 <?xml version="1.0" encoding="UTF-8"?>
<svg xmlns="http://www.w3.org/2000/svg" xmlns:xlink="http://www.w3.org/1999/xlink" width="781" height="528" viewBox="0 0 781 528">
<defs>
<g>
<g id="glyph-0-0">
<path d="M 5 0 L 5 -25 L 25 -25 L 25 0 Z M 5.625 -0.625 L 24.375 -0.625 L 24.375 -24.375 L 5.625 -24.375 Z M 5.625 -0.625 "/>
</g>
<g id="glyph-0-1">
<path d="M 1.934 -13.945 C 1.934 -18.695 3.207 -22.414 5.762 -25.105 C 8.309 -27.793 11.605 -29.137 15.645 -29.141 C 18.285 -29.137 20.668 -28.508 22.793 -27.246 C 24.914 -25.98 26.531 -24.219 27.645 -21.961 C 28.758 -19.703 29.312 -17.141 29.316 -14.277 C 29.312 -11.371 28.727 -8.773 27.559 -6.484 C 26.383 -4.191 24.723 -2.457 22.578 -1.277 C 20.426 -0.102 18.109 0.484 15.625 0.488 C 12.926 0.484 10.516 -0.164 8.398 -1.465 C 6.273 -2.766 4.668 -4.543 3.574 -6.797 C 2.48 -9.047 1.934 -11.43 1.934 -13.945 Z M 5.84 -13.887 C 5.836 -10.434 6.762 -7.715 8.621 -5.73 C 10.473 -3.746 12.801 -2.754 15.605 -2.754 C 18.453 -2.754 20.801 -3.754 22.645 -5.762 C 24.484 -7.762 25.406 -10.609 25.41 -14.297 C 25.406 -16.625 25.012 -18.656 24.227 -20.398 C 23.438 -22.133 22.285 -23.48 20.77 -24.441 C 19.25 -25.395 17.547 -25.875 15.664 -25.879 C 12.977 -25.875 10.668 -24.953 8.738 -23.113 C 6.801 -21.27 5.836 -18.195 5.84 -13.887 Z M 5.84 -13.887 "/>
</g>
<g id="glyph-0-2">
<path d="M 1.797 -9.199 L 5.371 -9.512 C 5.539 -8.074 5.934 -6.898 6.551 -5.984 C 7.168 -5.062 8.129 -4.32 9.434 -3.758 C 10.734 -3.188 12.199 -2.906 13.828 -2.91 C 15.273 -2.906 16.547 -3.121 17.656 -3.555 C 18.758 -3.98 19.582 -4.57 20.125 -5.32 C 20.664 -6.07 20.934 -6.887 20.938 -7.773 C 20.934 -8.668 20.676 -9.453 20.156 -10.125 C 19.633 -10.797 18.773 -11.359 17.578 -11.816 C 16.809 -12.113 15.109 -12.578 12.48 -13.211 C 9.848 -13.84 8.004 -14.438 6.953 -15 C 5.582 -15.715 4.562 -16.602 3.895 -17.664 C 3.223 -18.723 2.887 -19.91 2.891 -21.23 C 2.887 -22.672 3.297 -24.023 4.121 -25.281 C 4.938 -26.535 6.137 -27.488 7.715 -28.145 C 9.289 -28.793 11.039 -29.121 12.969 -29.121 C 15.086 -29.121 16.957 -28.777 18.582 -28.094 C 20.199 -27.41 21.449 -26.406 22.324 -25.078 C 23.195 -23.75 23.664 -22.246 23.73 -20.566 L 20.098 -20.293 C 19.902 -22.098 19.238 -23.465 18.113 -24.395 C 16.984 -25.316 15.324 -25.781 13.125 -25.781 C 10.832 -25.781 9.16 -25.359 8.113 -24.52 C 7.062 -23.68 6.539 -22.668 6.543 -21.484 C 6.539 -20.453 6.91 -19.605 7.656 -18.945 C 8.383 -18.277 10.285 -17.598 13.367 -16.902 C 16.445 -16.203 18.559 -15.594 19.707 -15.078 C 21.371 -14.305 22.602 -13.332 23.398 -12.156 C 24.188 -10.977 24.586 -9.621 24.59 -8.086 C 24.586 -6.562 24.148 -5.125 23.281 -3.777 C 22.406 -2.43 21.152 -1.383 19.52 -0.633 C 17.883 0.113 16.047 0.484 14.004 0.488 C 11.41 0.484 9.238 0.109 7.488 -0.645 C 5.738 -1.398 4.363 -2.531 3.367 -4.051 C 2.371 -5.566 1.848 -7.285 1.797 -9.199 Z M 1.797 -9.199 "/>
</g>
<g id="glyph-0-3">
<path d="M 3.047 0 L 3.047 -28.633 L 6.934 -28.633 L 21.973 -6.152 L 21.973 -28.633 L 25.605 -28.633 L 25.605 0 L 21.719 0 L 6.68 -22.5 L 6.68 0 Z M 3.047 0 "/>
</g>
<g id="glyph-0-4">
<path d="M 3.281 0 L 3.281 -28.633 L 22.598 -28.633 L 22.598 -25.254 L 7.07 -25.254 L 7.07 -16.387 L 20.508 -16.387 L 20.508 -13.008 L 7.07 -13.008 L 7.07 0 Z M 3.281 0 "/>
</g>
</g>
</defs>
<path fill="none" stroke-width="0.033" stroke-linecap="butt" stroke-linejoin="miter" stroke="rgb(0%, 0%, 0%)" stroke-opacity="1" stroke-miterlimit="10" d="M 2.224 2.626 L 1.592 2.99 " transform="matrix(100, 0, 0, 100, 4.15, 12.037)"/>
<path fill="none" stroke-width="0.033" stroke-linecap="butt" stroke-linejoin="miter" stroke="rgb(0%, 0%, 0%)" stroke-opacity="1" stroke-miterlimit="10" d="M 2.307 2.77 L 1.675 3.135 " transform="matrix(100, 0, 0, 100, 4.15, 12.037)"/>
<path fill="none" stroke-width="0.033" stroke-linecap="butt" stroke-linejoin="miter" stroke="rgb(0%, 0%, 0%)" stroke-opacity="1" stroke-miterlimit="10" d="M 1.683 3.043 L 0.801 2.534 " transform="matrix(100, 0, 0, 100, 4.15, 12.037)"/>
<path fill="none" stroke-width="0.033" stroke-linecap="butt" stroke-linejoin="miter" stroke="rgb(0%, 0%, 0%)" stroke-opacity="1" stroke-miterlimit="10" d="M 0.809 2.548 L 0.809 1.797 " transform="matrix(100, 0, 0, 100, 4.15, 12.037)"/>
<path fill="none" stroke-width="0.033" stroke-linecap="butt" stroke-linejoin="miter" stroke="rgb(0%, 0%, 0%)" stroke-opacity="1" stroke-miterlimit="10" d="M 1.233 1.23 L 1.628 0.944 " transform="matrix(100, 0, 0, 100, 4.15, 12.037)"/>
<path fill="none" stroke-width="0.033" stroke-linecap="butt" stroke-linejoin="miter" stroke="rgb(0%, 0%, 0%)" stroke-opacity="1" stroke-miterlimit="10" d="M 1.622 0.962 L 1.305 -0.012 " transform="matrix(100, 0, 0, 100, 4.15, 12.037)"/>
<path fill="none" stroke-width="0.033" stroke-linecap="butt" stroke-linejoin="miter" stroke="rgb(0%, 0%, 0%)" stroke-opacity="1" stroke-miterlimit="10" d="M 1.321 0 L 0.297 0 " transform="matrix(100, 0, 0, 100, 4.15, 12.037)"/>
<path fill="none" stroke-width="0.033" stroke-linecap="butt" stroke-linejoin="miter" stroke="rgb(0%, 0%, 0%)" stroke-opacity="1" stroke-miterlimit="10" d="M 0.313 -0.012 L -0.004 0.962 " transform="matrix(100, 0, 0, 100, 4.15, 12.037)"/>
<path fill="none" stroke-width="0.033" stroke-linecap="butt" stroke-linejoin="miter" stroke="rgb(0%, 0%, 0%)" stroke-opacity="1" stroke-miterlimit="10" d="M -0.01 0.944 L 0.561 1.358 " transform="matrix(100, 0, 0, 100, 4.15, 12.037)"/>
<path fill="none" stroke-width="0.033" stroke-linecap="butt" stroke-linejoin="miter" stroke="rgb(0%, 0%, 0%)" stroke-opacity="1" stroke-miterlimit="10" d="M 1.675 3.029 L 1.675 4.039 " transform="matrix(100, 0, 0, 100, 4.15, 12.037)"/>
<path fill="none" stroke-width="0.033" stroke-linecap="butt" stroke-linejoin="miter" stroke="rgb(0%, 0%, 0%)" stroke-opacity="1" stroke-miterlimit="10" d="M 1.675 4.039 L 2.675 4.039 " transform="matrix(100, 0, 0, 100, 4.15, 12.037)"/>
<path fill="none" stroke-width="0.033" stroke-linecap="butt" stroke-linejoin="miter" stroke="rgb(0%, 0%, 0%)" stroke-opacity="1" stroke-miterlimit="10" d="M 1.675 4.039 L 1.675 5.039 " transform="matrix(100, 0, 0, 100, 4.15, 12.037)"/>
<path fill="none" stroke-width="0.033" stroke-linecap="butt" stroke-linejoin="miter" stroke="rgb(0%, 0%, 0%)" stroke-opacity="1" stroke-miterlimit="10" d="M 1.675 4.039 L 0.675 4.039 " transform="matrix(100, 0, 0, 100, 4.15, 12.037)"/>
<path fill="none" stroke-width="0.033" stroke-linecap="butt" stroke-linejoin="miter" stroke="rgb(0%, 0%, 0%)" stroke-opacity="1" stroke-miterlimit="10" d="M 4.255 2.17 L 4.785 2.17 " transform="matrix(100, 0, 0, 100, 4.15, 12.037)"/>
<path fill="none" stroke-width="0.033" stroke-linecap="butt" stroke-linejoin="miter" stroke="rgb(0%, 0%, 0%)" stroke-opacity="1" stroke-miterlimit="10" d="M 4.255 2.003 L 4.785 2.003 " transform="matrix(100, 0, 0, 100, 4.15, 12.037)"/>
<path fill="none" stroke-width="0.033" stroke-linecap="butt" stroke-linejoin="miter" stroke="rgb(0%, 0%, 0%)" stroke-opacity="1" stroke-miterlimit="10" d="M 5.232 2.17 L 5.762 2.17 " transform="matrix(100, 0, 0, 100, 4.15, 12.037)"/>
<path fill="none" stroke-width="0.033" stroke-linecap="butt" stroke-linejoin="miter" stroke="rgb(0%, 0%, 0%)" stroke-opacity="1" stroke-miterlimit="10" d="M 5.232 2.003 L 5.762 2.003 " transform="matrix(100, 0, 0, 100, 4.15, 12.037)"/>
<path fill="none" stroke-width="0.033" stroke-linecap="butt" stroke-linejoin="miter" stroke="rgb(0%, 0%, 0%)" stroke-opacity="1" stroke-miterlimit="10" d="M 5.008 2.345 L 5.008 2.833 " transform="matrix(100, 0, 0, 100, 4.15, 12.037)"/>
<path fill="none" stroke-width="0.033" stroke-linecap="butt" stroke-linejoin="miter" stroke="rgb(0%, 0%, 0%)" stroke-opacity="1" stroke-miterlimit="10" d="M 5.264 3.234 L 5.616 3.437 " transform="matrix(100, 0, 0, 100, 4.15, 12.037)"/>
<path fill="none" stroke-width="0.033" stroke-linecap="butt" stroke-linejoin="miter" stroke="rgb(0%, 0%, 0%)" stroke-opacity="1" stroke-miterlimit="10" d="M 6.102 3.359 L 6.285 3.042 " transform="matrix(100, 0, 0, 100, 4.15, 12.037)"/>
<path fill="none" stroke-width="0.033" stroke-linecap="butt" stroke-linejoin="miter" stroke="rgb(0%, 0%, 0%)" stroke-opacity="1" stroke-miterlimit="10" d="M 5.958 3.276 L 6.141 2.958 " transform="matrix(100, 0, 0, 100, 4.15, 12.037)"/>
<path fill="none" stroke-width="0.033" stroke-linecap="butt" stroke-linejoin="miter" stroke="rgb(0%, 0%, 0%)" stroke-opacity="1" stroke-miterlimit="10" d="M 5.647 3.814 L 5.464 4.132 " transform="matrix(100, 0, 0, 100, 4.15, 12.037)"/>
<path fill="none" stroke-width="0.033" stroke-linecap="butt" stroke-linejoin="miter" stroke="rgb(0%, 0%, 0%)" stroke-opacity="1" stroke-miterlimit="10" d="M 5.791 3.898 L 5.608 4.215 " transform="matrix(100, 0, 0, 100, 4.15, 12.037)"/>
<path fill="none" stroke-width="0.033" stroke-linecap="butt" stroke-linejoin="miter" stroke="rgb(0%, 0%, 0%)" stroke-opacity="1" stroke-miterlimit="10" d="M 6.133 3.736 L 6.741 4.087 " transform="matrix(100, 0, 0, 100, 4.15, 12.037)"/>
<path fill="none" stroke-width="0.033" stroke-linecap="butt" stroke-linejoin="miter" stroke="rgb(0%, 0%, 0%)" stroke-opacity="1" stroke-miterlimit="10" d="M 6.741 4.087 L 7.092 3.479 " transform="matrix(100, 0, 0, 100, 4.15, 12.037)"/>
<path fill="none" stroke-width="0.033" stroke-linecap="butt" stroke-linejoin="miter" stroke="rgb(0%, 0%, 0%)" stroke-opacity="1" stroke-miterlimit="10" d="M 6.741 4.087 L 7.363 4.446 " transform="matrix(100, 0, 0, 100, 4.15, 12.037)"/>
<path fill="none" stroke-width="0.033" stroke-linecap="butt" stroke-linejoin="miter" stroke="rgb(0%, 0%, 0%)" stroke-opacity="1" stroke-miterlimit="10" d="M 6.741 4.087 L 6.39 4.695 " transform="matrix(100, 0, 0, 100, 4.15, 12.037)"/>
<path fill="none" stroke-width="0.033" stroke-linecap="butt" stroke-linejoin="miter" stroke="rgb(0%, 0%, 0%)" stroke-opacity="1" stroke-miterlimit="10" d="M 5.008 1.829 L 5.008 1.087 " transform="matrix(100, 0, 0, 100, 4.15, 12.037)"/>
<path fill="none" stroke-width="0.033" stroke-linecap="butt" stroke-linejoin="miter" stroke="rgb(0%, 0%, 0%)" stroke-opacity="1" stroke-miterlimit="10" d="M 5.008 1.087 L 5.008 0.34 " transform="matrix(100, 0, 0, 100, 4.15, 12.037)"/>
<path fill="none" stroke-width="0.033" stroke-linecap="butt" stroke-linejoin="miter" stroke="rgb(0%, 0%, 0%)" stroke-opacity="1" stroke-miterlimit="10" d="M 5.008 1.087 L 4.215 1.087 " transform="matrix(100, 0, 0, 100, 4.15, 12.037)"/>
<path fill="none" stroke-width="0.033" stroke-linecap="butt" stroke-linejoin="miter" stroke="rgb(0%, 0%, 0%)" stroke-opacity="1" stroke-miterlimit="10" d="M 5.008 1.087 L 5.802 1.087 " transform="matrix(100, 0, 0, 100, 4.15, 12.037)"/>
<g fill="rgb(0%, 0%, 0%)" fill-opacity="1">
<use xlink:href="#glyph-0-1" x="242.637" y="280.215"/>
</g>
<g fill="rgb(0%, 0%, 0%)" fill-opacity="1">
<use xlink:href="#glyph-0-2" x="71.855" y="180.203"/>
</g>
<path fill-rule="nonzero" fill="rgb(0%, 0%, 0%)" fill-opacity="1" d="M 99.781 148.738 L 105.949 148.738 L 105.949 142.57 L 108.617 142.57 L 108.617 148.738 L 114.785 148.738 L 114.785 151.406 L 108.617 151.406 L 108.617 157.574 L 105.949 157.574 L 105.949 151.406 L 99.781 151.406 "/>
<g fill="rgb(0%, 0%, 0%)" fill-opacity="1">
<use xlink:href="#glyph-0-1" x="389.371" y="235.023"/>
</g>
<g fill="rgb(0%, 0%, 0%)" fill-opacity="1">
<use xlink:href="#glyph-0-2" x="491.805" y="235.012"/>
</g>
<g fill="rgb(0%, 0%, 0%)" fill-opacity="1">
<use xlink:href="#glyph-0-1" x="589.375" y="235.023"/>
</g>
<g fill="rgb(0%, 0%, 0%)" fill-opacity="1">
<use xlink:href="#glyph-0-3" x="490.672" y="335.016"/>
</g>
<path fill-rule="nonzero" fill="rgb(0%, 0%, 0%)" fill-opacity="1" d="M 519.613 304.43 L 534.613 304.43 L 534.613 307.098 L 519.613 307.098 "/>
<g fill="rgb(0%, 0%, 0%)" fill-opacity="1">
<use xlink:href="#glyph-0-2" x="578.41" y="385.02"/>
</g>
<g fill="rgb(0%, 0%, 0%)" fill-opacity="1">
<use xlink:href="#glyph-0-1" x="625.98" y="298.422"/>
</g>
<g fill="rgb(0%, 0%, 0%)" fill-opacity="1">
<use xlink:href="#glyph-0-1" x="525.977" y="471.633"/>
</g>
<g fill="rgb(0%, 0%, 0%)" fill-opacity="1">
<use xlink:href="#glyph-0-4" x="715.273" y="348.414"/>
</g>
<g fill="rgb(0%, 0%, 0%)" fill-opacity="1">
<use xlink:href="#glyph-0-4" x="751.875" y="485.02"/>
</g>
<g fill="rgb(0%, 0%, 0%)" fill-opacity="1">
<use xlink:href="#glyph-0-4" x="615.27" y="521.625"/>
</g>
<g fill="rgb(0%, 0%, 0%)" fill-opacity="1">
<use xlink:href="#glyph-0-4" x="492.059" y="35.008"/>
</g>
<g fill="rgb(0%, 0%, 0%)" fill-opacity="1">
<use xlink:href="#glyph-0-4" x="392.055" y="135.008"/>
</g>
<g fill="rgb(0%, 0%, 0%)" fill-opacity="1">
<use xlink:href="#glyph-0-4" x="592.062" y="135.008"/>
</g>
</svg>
┄┄┄┄┄┄┄┄┄┄
* [TASK TO COMPLETE]:
Would you please copy exactly the part of the entries above that begins at the line containing "5.264 3.234 L" and ends at the line containing "5.958 3.276 L", both lines included?

* [RESULT]:
<path fill="none" stroke-width="0.033" stroke-linecap="butt" stroke-linejoin="miter" stroke="rgb(0%, 0%, 0%)" stroke-opacity="1" stroke-miterlimit="10" d="M 5.264 3.234 L 5.616 3.437 " transform="matrix(100, 0, 0, 100, 4.15, 12.037)"/>
<path fill="none" stroke-width="0.033" stroke-linecap="butt" stroke-linejoin="miter" stroke="rgb(0%, 0%, 0%)" stroke-opacity="1" stroke-miterlimit="10" d="M 6.102 3.359 L 6.285 3.042 " transform="matrix(100, 0, 0, 100, 4.15, 12.037)"/>
<path fill="none" stroke-width="0.033" stroke-linecap="butt" stroke-linejoin="miter" stroke="rgb(0%, 0%, 0%)" stroke-opacity="1" stroke-miterlimit="10" d="M 5.958 3.276 L 6.141 2.958 " transform="matrix(100, 0, 0, 100, 4.15, 12.037)"/>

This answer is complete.